Supplied records -
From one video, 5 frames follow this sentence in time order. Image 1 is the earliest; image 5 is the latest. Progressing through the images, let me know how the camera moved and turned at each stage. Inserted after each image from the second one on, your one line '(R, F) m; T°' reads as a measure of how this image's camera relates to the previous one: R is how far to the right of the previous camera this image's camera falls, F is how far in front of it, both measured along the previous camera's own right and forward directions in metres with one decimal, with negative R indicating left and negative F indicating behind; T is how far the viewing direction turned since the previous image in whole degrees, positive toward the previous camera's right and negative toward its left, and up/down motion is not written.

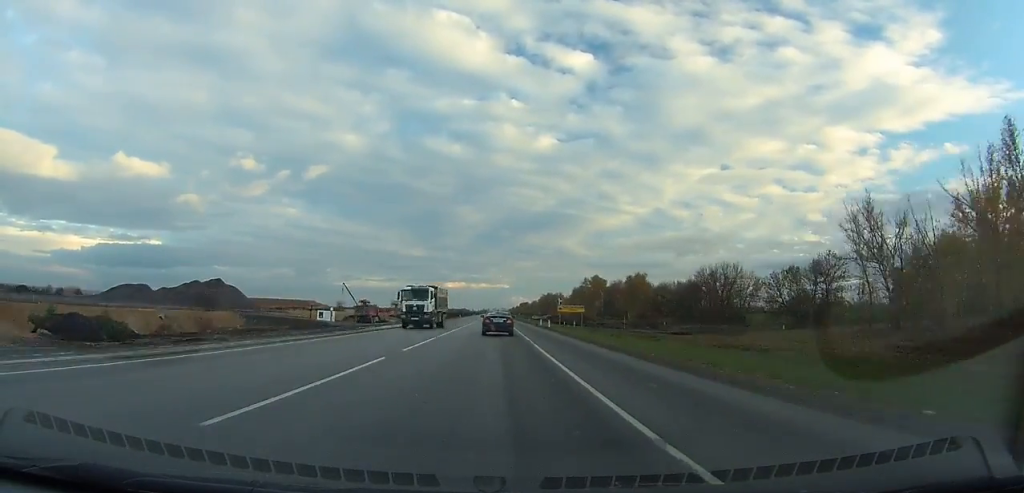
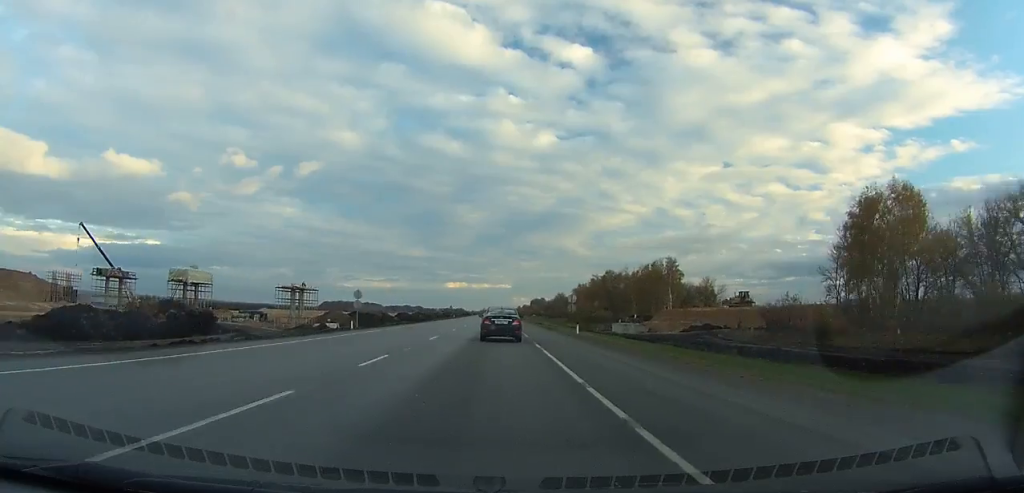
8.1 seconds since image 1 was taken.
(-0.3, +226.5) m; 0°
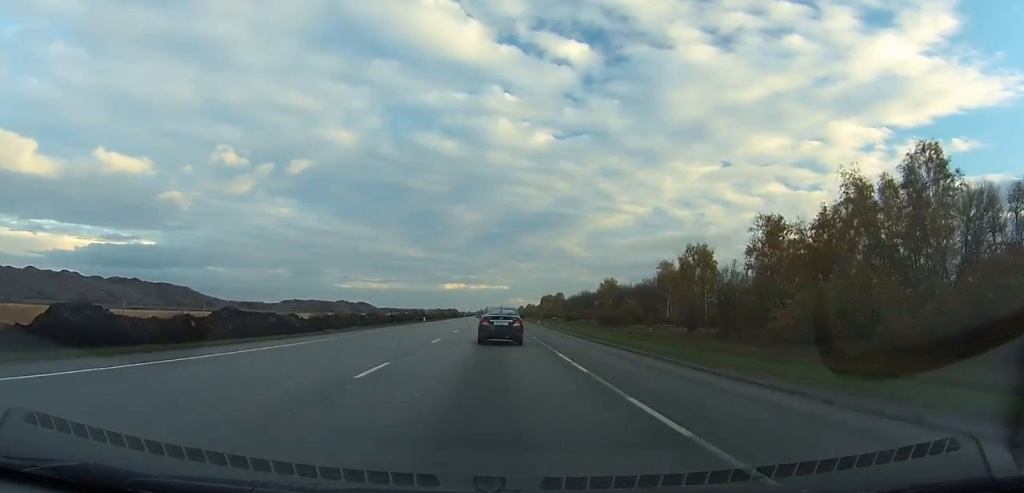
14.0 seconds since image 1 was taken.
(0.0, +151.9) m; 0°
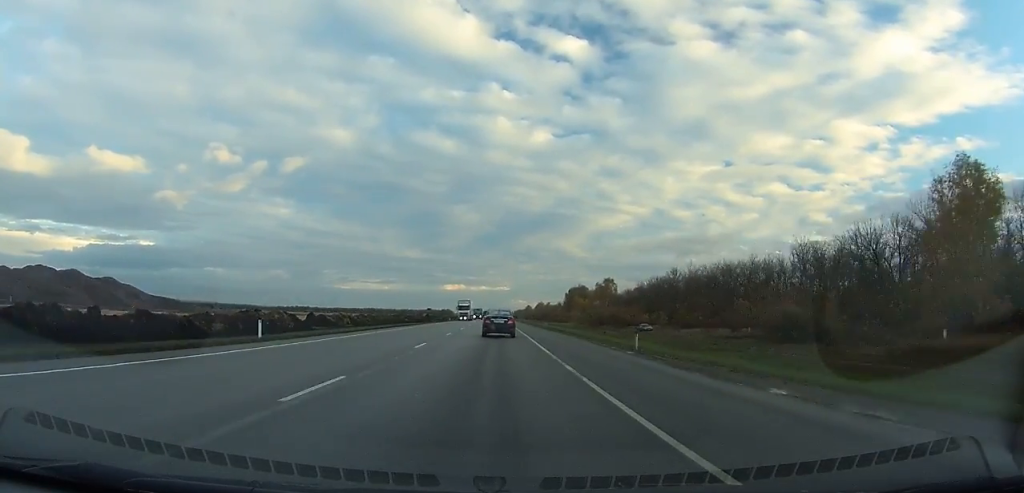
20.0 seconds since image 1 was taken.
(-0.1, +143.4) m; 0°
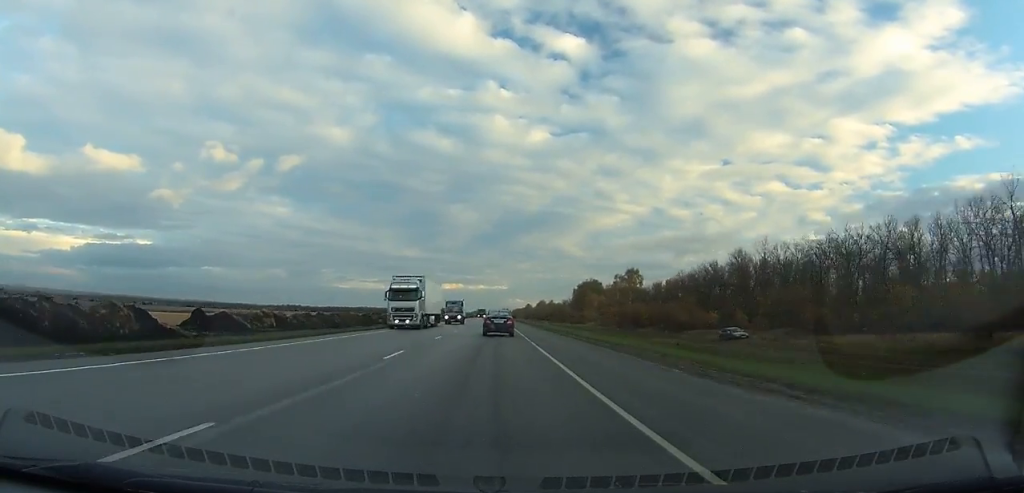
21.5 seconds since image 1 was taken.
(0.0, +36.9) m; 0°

Assignment - Retype the records above exactly, leaving every picture out of your copy.

Output below -
From one video, 5 frames follow this sentence in time order. Image 1 is the earliest; image 5 is the latest. Progressing through the images, let me know how the camera moved and turned at each stage. Inserted after each image from the second one on, your one line '(R, F) m; T°' reads as a measure of how this image's camera relates to the previous one: R is how far to the right of the previous camera this image's camera falls, F is how far in front of it, both measured along the previous camera's own right and forward directions in metres with one decimal, with negative R indicating left and negative F indicating behind; T is how far the viewing direction turned since the previous image in whole degrees, positive toward the previous camera's right and negative toward its left, and up/down motion is not written.

8.1 seconds since image 1 was taken.
(-0.3, +226.5) m; 0°
14.0 seconds since image 1 was taken.
(0.0, +151.9) m; 0°
20.0 seconds since image 1 was taken.
(-0.1, +143.4) m; 0°
21.5 seconds since image 1 was taken.
(0.0, +36.9) m; 0°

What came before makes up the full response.